Sunday, 1 October 2017
714 Hello The Prodigy - Charly
Chart entered : 24 August 1991
Chart peak : 3 ( 66 on re-release in 1996, 73 on re-release in 2004 )
Number of hits : 18
Despite its success, I don't think anyone guessed what a game-changing band this lot were going to be when this single came out.
The Prodigy are the most successful act to emerge from the early nineties rave scene. They began when Liam Howlett a DJ and keyboard player from Braintree, Essex met dancer Keith Flint at an all-night rave in the summer of 1989. Liam gave Keith a mix tape with some of his own material on the other side with the name "Prodigy" ( after one of his synthesisers ) on the inlay card. Keith shared it with his friend and fellow dancer Leeroy Thornhill who suggested they form a group. They then invited Keith "Maxim" Palmer, a rapper to be their onstage MC. and a female dancer Sharky to enhance their visual appeal.
They got a deal with XL and released their first record , a 12 inch EP called "What Evil Lurks" in February 1991. "What Evil Lurks" is a simple, repetitive bass line augmented by vocal samples. "We Gonna Rock" is a super-fast statement of intent, hardcore and uncompromising. "Android" has slightly more melodic content and was the favoured track in Holland. "Everybody in the Place" is an early version of their second hit , a stop-start rave tune with Keith declaiming the title at regular intervals.

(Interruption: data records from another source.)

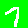
Digit: 7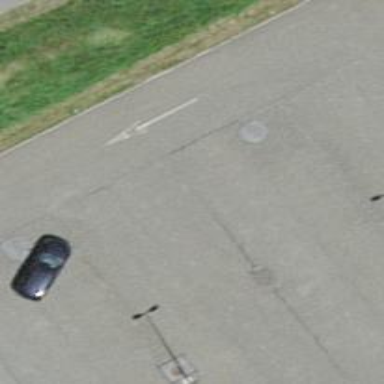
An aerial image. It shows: Road serving as parking aisle.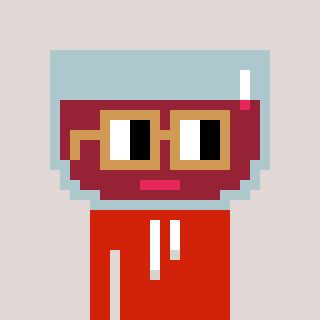
a pixel art character with square brown glasses, a wine-shaped head and a red-colored body on a warm background

"Charly" was their next release. The main hook is played on a synth with the volume being adjusted on each note to queasy effect over the usual skittering drum pattern. This is then punctuated with either an Orbital-like second riff on the keyboards or samples from the "Charly" Public Information Films about stranger danger, a dimly-remembered feature of my early school days where a cartoon cat warned you not to go off with people you didn't know. Liam knew the rave demographic and tapping into twenty-something nostalgia made this a huge pop hit as well as filling the floor in the clubs. It was only kept off the top by the two behemoths of that summer, Bryan Adams and Right Said Fred.
The record set off a wave of singles marrying childhood samples to rave backing tracks - Roobarb and Custard, A Trip To Trumpton and Sesame's Treet to name a few - by fly-by- night outfits, a phenomenon derided by critics as "toytown techno". This exposed The Prodigy to the mortal peril of being perceived as a novelty act and they did well to steer a course out of that cul-de-sac.